**Work instruction:** Beginning with the line that contains "Vraag: Wanneer is deze uitspraak gedaan?", transcribe the rest of the listing below exactly, including its last line, and exclude any pictures.

**Data for the task:**
* * *

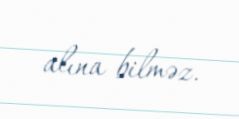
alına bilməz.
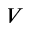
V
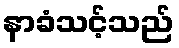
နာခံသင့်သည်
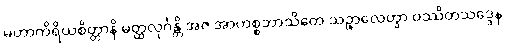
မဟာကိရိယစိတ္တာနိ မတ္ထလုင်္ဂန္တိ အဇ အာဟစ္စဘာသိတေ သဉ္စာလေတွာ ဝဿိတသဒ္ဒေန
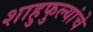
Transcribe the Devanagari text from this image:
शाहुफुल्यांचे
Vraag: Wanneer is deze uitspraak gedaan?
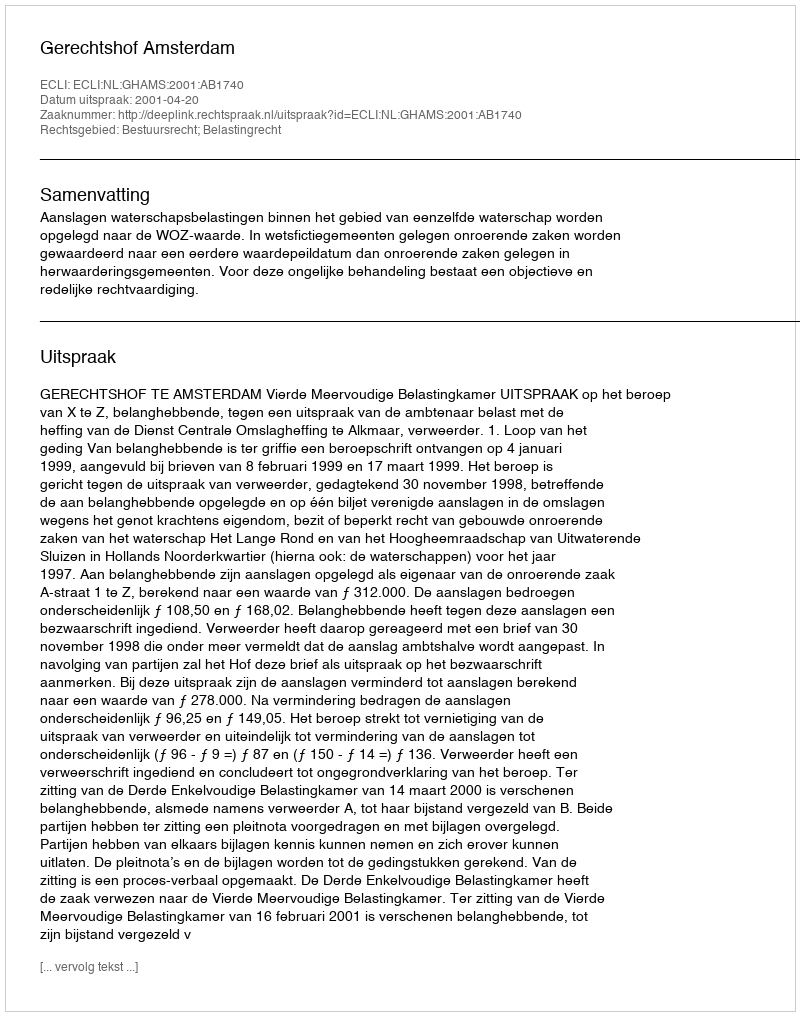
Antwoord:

* * *

**Your solution:**
Vraag: Wanneer is deze uitspraak gedaan?
Antwoord:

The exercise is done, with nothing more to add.